Monday, March 9, 2009

2666

Review of Roberto Bolaño’s novel 2666, translated by Natasha Wimmer. Toronto Star, November 2008.

Roberto Bolaño’s 2666 is monumental in more ways than one. A 900-page opus that spans decades and ranges from Europe to Mexico, the novel is the most potent distillation yet of its creator’s themes and techniques. Sadly, the book also serves as a monument to Bolaño himself. The Chilean-born author died of liver failure in Spain five years ago, at the age of 50, while still putting the final touches on 2666.

Not that the book feels unfinished – or, at least, it doesn’t feel any less finished than its predecessors did. Since Bolaño’s death, as his work has marched forth in English translation and garnered rightful acclaim, it’s become clear that he had no interest in neatly groomed little narratives. Whether sprawling like The Savage Detectives or short and concentrated like By Night in Chile, his novels are shaggy by nature. They’re structurally haphazard and unpredictable in tone; they can be demanding and willfully perverse. They also tend to be unforgettable.

2666 is no different. It’s made up of five discrete sections that build on each other thematically but not necessarily narratively. In typical Bolaño style, the novel’s title is never explained or even mentioned in the text itself, though it does come up in the earlier novella Amulet, whose narrator imagines “a cemetery in the year 2666” – a vision of death, neglect, and moral decay.

As the various sections of 2666 echo off of each other, the novel’s shape and meaning gradually gather around two main elements. The first is Benno von Archimboldi, a mysterious and reclusive German novelist who’s nearing the end of a long life. In the book’s first section, a clique of European academics tries in vain to locate the elderly writer. In the last section, we see Archimboldo as a young man, wandering amid the apocalypse of World War Two and forging himself as a writer.

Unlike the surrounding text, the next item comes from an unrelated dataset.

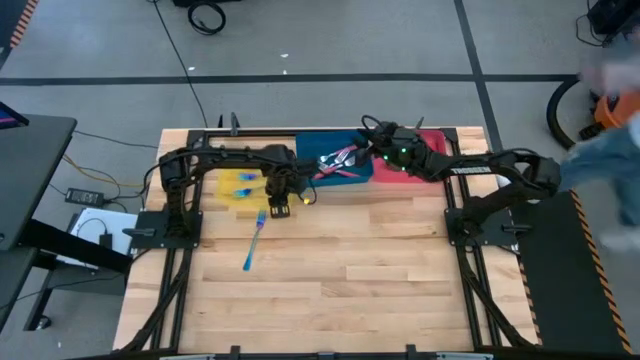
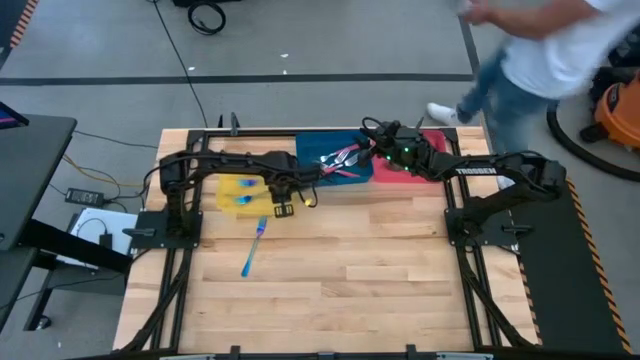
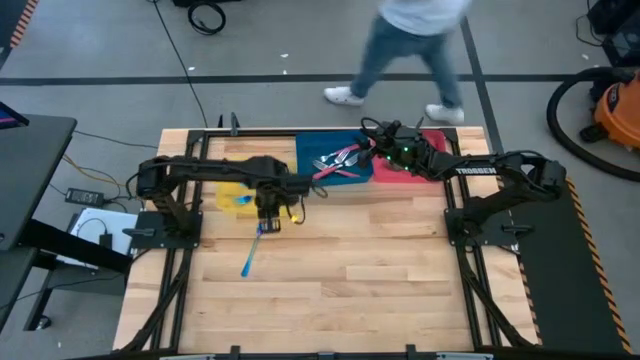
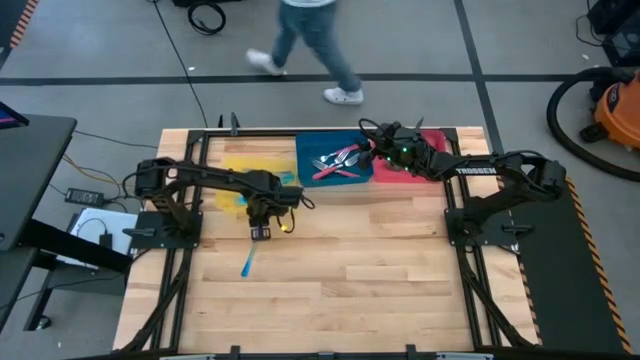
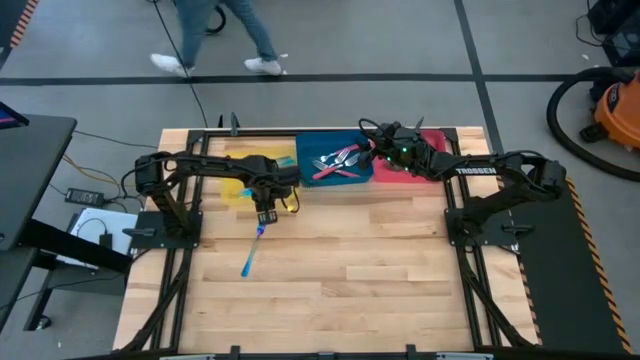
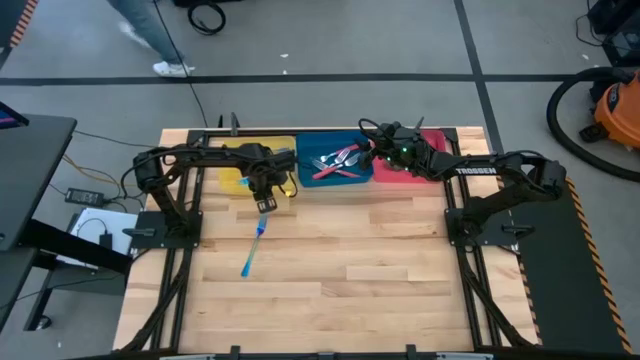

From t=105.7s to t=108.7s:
Adjust the yellow bin

The book’s other major force is Santa Teresa, a lawless and hellish Mexican border city to which all narrative roads seem to lead. Beginning in 1993, Santa Teresa is plagued by unsolved murders – dozens and dozens of them, going on for years. The victims are mostly young women who work in the city’s many maquiladoras, thrown-together factories churning out cheap goods to meet the implacable appetites of NAFTA. (Appallingly and staggeringly, this is not just some grim fantasy of Bolaño’s. Santa Teresa is modeled on Ciudad Juarez, a real border town in which literally hundreds of women have been murdered.)

By placing the German genius and the desert cauldron of modern industry in implicit opposition, Bolaño works his favourite theme: the pursuit of art and the way it collides and overlaps with the messy, ignoble, and sinister aspects of real life. His novels are full of fictional poets, but they’re also haunted by the Pinochet coup in Chile; one of his early books, Nazi Literature in the Americas, is a mock encyclopedia of imaginary fascism-enthralled writers.

The terrifying centrepiece of 2666 is the fourth of its five sections, “The Part About the Crimes.” Nearly 300 pages long, it’s primarily made up of short episodes that relate the discovery of one corpse after another. Wounds are described and clues are sifted in a terse, documentary prose style, making for a kind of police procedural parody. It’s a black and bitter lampoon, though – we see no real law and order at work, just apathy and corruption and outright depravity. Bolaño intercuts this material with several horrific side stories: an American sheriff scours the city in search of a missing woman, and an aloof German immigrant is charged with one of the murders and thrown into a Boschian pit of a prison.

There are other sections and other characters, but to summarize 2666 any further is both difficult and unnecessary. Suffice to say that Bolaño stuffs the novel with anecdotes that open up into other anecdotes – everything from the story of a mad artist who hacks off his own hand to the long church sermon of a former Black Panther. These tangents are usually intriguing, though their relevance sometimes seems subliminal at best. The prose has a similarly freewheeling quality. Sometimes it’s lyrical and striking and sometimes it’s offhand and artless, more testimony than narration. Bolaño is fond, too, of long sentences with clauses that wiggle and multiply – the rhetorical effect is of a steady murmur that you have to work to keep your attention on.

All of which is to admit that reading Bolaño can sometimes be a struggle. But he’s a true original, and the struggle is a rewarding one. 2666 is a fascinating and powerful book, in the end a hallucinogenic portrait of a great evil gathering on the surface of the world. A reader completes most 900-page novels with some measure of relief, and this one is no exception. But it’s also hard to think back on the book without itching to read it again.